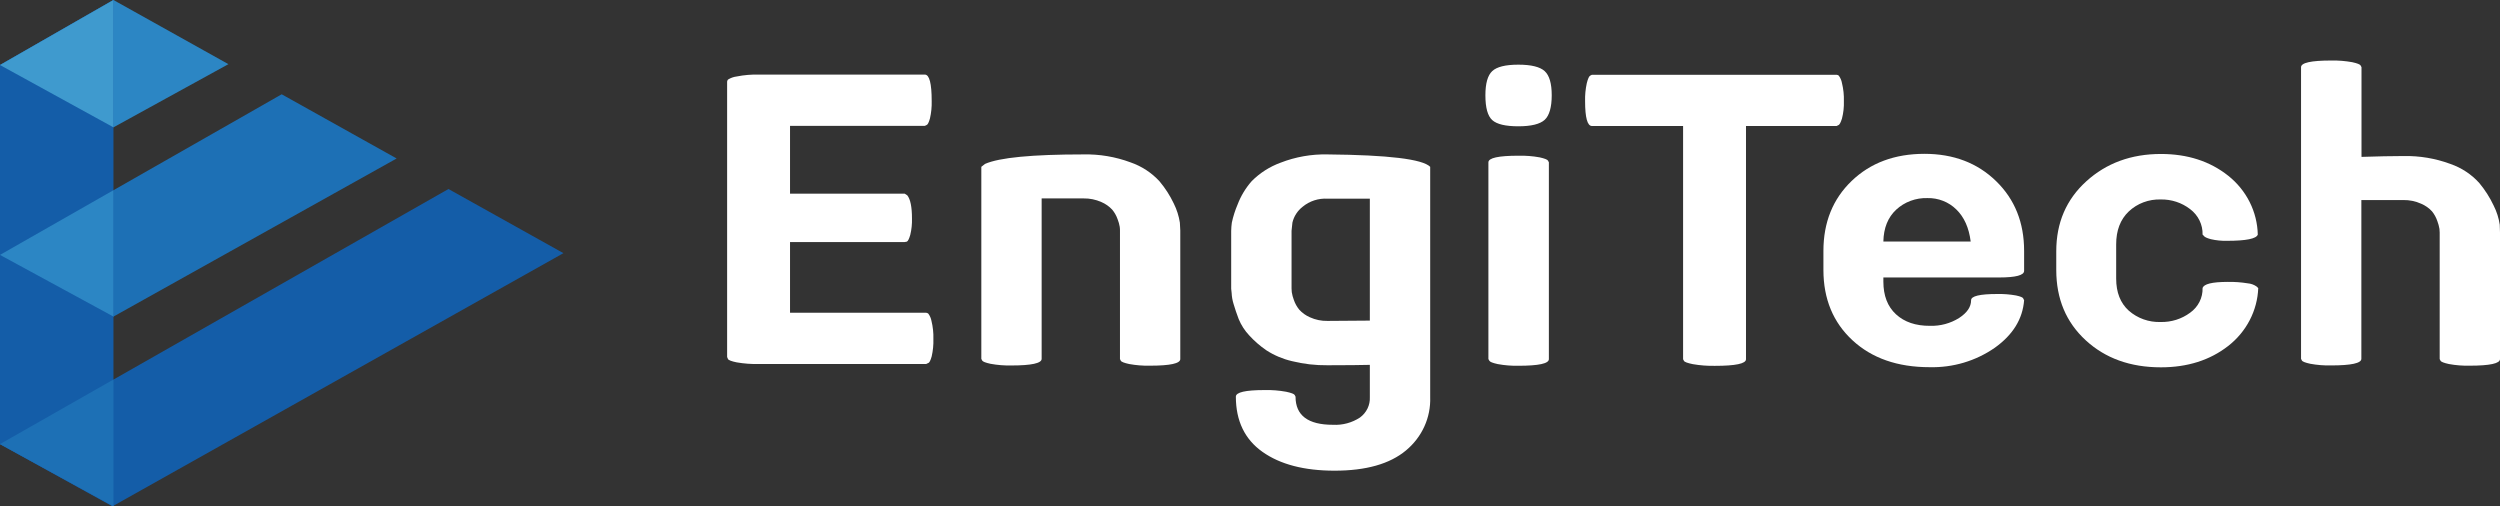 <svg width="158" height="32" viewBox="0 0 158 32" fill="none" xmlns="http://www.w3.org/2000/svg">
<rect x="0" y="0" width="158" height="32" fill="#333333" stroke="none"/>
<g id="Layer_1" clip-path="url(#clip0_66_2156)">
<path id="Vector" d="M0 28.067L7.106 32L35.608 16L28.343 11.945L0 28.067Z" fill="#145DA8"/>
<path id="Vector_2" d="M0 16.11L7.106 20.044L25.068 10.016L17.803 5.959L0 16.11Z" fill="#1D70B5"/>
<path id="Vector_3" d="M0 4.11L7.17 8.048L14.435 4.055L7.17 0L0 4.11Z" fill="#2C86C4"/>
<path id="Vector_4" d="M0 4.11V28.067L7.17 32V0" fill="#145DA8"/>
<path id="Vector_5" d="M7.17 0V8.048L0 4.11L7.17 0Z" fill="#3F9ACE"/>
<path id="Vector_6" d="M7.17 12.021V20.007L0 16.11L7.17 12.021Z" fill="#2C86C4"/>
<path id="Vector_7" d="M7.17 23.986V32L0 28.067L7.17 23.986Z" fill="#1D70B5"/>
<path id="Vector_8" d="M58.531 23.006H47.955C47.489 23.016 47.022 22.981 46.562 22.902C46.23 22.834 46.044 22.762 46.009 22.693L45.954 22.562V5.16C45.959 5.112 45.978 5.066 46.009 5.029C46.176 4.924 46.365 4.857 46.562 4.833C47.02 4.742 47.488 4.702 47.955 4.714H58.45C58.739 4.714 58.883 5.272 58.883 6.388C58.893 6.757 58.856 7.125 58.773 7.486C58.702 7.745 58.628 7.885 58.557 7.904L58.45 7.954H49.93V12.241H57.179L57.34 12.344C57.538 12.59 57.637 13.077 57.637 13.809C57.647 14.156 57.611 14.502 57.53 14.84C57.457 15.093 57.386 15.238 57.314 15.272L57.179 15.297H49.93V19.766H58.531C58.58 19.771 58.627 19.789 58.666 19.819C58.769 19.955 58.838 20.112 58.868 20.278C58.961 20.654 59.001 21.04 58.99 21.426C59.001 21.795 58.965 22.163 58.883 22.523C58.809 22.785 58.738 22.925 58.666 22.941L58.531 23.006Z" fill="white"/>
<path id="Vector_9" d="M74.594 14.567V22.693C74.594 22.972 73.954 23.111 72.674 23.111C72.234 23.121 71.794 23.085 71.362 23.006C71.046 22.937 70.87 22.868 70.834 22.797L70.782 22.693V14.567C70.782 14.514 70.782 14.441 70.768 14.337C70.74 14.172 70.694 14.01 70.632 13.853C70.556 13.636 70.442 13.433 70.295 13.254C70.103 13.046 69.868 12.881 69.606 12.769C69.254 12.612 68.869 12.533 68.481 12.54H65.832V22.68C65.832 22.958 65.192 23.098 63.911 23.098C63.471 23.107 63.032 23.072 62.599 22.992C62.283 22.923 62.108 22.854 62.072 22.783L62.02 22.68V10.542L62.257 10.358C63.159 9.959 65.232 9.759 68.477 9.759C69.49 9.738 70.497 9.908 71.443 10.259C72.151 10.503 72.784 10.916 73.282 11.46C73.645 11.892 73.949 12.367 74.188 12.872C74.376 13.252 74.504 13.657 74.568 14.073L74.594 14.567Z" fill="white"/>
<path id="Vector_10" d="M86.574 25.098V23.059C86.051 23.074 85.159 23.082 83.898 23.084C83.141 23.093 82.386 23.006 81.652 22.824C81.073 22.689 80.524 22.456 80.029 22.136C79.632 21.863 79.269 21.547 78.948 21.194C78.664 20.892 78.44 20.542 78.284 20.163C78.151 19.814 78.047 19.497 77.961 19.208C77.891 18.984 77.85 18.753 77.84 18.519L77.811 18.25V14.592C77.814 14.417 77.828 14.242 77.852 14.069C77.937 13.676 78.059 13.292 78.218 12.921C78.423 12.381 78.725 11.881 79.112 11.444C79.623 10.93 80.246 10.532 80.937 10.28C81.877 9.914 82.885 9.737 83.898 9.759C87.739 9.794 89.902 10.055 90.388 10.542V25.098C90.411 25.734 90.286 26.368 90.021 26.951C89.756 27.535 89.358 28.053 88.858 28.468C87.836 29.321 86.331 29.747 84.342 29.747C82.427 29.747 80.909 29.351 79.789 28.558C78.669 27.765 78.108 26.602 78.106 25.07C78.106 24.791 78.712 24.652 79.924 24.652C80.379 24.641 80.834 24.677 81.281 24.758C81.607 24.827 81.788 24.895 81.826 24.967L81.878 25.07C81.878 26.255 82.665 26.847 84.24 26.847C84.847 26.88 85.447 26.718 85.949 26.388C86.154 26.238 86.318 26.042 86.427 25.817C86.535 25.593 86.586 25.346 86.574 25.098ZM86.574 20.262V12.556H83.898C83.326 12.523 82.764 12.706 82.329 13.065C82.002 13.319 81.774 13.672 81.681 14.067L81.626 14.588V18.234C81.626 18.286 81.631 18.363 81.64 18.464C81.666 18.633 81.711 18.799 81.773 18.96C81.848 19.181 81.963 19.388 82.113 19.571C82.299 19.777 82.53 19.941 82.788 20.053C83.135 20.211 83.515 20.29 83.898 20.282L86.574 20.262Z" fill="white"/>
<path id="Vector_11" d="M93.877 6.021C93.877 5.272 94.021 4.763 94.309 4.494C94.597 4.223 95.148 4.087 95.959 4.087C96.769 4.087 97.325 4.223 97.623 4.494C97.919 4.765 98.069 5.272 98.069 6.021C98.069 6.769 97.919 7.306 97.623 7.575C97.325 7.844 96.772 7.982 95.959 7.982C95.146 7.982 94.597 7.851 94.309 7.589C94.022 7.327 93.877 6.815 93.877 6.021ZM94.067 22.693V10.259C94.067 9.981 94.701 9.841 95.968 9.841C96.417 9.831 96.865 9.865 97.306 9.945C97.623 10.016 97.798 10.085 97.834 10.154L97.889 10.259V22.698C97.889 22.977 97.249 23.116 95.968 23.116C95.528 23.125 95.089 23.09 94.656 23.01C94.34 22.941 94.165 22.872 94.129 22.801L94.067 22.693Z" fill="white"/>
<path id="Vector_12" d="M116.075 7.963H110.347V22.703C110.347 22.982 109.693 23.121 108.386 23.121C107.918 23.13 107.45 23.095 106.989 23.015C106.649 22.946 106.461 22.877 106.426 22.806L106.371 22.703V7.963H100.61C100.323 7.963 100.179 7.441 100.178 6.397C100.167 6.012 100.204 5.627 100.287 5.249C100.358 4.972 100.43 4.813 100.503 4.779L100.61 4.726H116.075C116.124 4.731 116.171 4.749 116.21 4.779C116.313 4.919 116.382 5.08 116.412 5.249C116.504 5.625 116.545 6.011 116.533 6.397C116.545 6.767 116.505 7.136 116.412 7.495C116.331 7.755 116.253 7.895 116.174 7.913L116.075 7.963Z" fill="white"/>
<path id="Vector_13" d="M121.978 20.592C122.628 20.612 123.269 20.439 123.815 20.096C124.322 19.766 124.575 19.392 124.573 18.974C124.573 18.712 125.123 18.581 126.222 18.581C126.621 18.572 127.019 18.603 127.411 18.673C127.698 18.735 127.853 18.799 127.869 18.868L127.924 18.974C127.834 20.159 127.217 21.16 126.073 21.977C124.874 22.812 123.424 23.244 121.947 23.206C119.927 23.206 118.304 22.64 117.08 21.509C115.855 20.377 115.242 18.896 115.24 17.066V15.864C115.24 14.054 115.835 12.577 117.025 11.435C118.215 10.293 119.748 9.722 121.624 9.722C123.462 9.722 124.972 10.297 126.153 11.447C127.335 12.596 127.926 14.069 127.924 15.864V17.118C127.924 17.395 127.401 17.535 126.356 17.536H119.029V17.798C119.029 18.686 119.295 19.375 119.827 19.864C120.359 20.354 121.076 20.597 121.978 20.592ZM124.547 15.263C124.438 14.393 124.135 13.718 123.639 13.238C123.402 13.003 123.118 12.819 122.804 12.695C122.49 12.572 122.153 12.511 121.814 12.519C121.451 12.508 121.089 12.567 120.75 12.692C120.411 12.818 120.101 13.008 119.839 13.251C119.316 13.738 119.046 14.409 119.029 15.263H124.547Z" fill="white"/>
<path id="Vector_14" d="M136.568 23.215C134.636 23.215 133.052 22.644 131.815 21.504C130.577 20.363 129.958 18.887 129.956 17.075V15.874C129.956 14.078 130.59 12.605 131.857 11.456C133.125 10.306 134.697 9.731 136.572 9.731C138.252 9.731 139.67 10.19 140.827 11.109C141.396 11.562 141.858 12.129 142.18 12.771C142.502 13.412 142.676 14.114 142.692 14.826C142.602 15.088 141.957 15.219 140.758 15.219C140.409 15.229 140.061 15.194 139.721 15.116C139.467 15.045 139.322 14.976 139.284 14.907L139.203 14.826C139.212 14.518 139.145 14.212 139.009 13.933C138.873 13.653 138.671 13.409 138.419 13.219C137.891 12.809 137.231 12.592 136.553 12.606C136.182 12.595 135.812 12.656 135.466 12.786C135.119 12.916 134.804 13.113 134.538 13.364C134.006 13.869 133.74 14.566 133.742 15.453V17.607C133.742 18.478 134.007 19.153 134.538 19.633C135.087 20.117 135.81 20.375 136.553 20.351C137.227 20.366 137.885 20.158 138.419 19.761C138.67 19.582 138.872 19.347 139.008 19.077C139.145 18.806 139.212 18.508 139.203 18.206C139.276 17.948 139.804 17.818 140.786 17.816C141.21 17.808 141.634 17.838 142.053 17.906C142.254 17.922 142.447 17.99 142.611 18.103L142.721 18.206C142.694 18.913 142.51 19.605 142.182 20.236C141.854 20.868 141.389 21.424 140.819 21.867C139.666 22.765 138.249 23.215 136.568 23.215Z" fill="white"/>
<path id="Vector_15" d="M158 14.696V22.694C158 22.972 157.36 23.111 156.08 23.111C155.64 23.121 155.2 23.086 154.768 23.006C154.452 22.937 154.276 22.868 154.241 22.797L154.188 22.694V14.696C154.188 14.645 154.183 14.569 154.174 14.466C154.145 14.297 154.1 14.131 154.039 13.97C153.964 13.748 153.85 13.539 153.701 13.355C153.51 13.148 153.275 12.983 153.012 12.873C152.66 12.714 152.276 12.636 151.888 12.643H149.238V22.677C149.238 22.956 148.598 23.095 147.318 23.095C146.878 23.105 146.438 23.07 146.006 22.99C145.69 22.921 145.514 22.852 145.478 22.781L145.426 22.677V4.246C145.426 3.966 146.06 3.825 147.327 3.825C147.776 3.815 148.224 3.851 148.665 3.931C148.981 4 149.157 4.071 149.193 4.14L149.247 4.246V9.915C150.258 9.881 151.141 9.864 151.897 9.862C152.908 9.841 153.914 10.009 154.858 10.358C155.57 10.604 156.204 11.023 156.698 11.575C157.059 12.012 157.363 12.49 157.603 12.999C157.794 13.378 157.922 13.783 157.984 14.2L158 14.696Z" fill="white"/>
</g>
<defs>
<clipPath id="clip0_66_2156">
<rect width="158" height="32" fill="white"/>
</clipPath>
</defs>
</svg>

## DIRECTIONS
Word for word and without pictures, please write out only the lines from the start of the entries through the line containing "23.006H47.955C47.489 23.016 47.022", both included.

## COMPLETED TASK
 <svg width="158" height="32" viewBox="0 0 158 32" fill="none" xmlns="http://www.w3.org/2000/svg">
<rect x="0" y="0" width="158" height="32" fill="#333333" stroke="none"/>
<g id="Layer_1" clip-path="url(#clip0_66_2156)">
<path id="Vector" d="M0 28.067L7.106 32L35.608 16L28.343 11.945L0 28.067Z" fill="#145DA8"/>
<path id="Vector_2" d="M0 16.11L7.106 20.044L25.068 10.016L17.803 5.959L0 16.11Z" fill="#1D70B5"/>
<path id="Vector_3" d="M0 4.11L7.17 8.048L14.435 4.055L7.17 0L0 4.11Z" fill="#2C86C4"/>
<path id="Vector_4" d="M0 4.11V28.067L7.17 32V0" fill="#145DA8"/>
<path id="Vector_5" d="M7.17 0V8.048L0 4.11L7.17 0Z" fill="#3F9ACE"/>
<path id="Vector_6" d="M7.17 12.021V20.007L0 16.11L7.17 12.021Z" fill="#2C86C4"/>
<path id="Vector_7" d="M7.17 23.986V32L0 28.067L7.17 23.986Z" fill="#1D70B5"/>
<path id="Vector_8" d="M58.531 23.006H47.955C47.489 23.016 47.022 22.981 46.562 22.902C46.23 22.834 46.044 22.762 46.009 22.693L45.954 22.562V5.16C45.959 5.112 45.978 5.066 46.009 5.029C46.176 4.924 46.365 4.857 46.562 4.833C47.02 4.742 47.488 4.702 47.955 4.714H58.45C58.739 4.714 58.883 5.272 58.883 6.388C58.893 6.757 58.856 7.125 58.773 7.486C58.702 7.745 58.628 7.885 58.557 7.904L58.45 7.954H49.93V12.241H57.179L57.34 12.344C57.538 12.59 57.637 13.077 57.637 13.809C57.647 14.156 57.611 14.502 57.53 14.84C57.457 15.093 57.386 15.238 57.314 15.272L57.179 15.297H49.93V19.766H58.531C58.58 19.771 58.627 19.789 58.666 19.819C58.769 19.955 58.838 20.112 58.868 20.278C58.961 20.654 59.001 21.04 58.99 21.426C59.001 21.795 58.965 22.163 58.883 22.523C58.809 22.785 58.738 22.925 58.666 22.941L58.531 23.006Z" fill="white"/>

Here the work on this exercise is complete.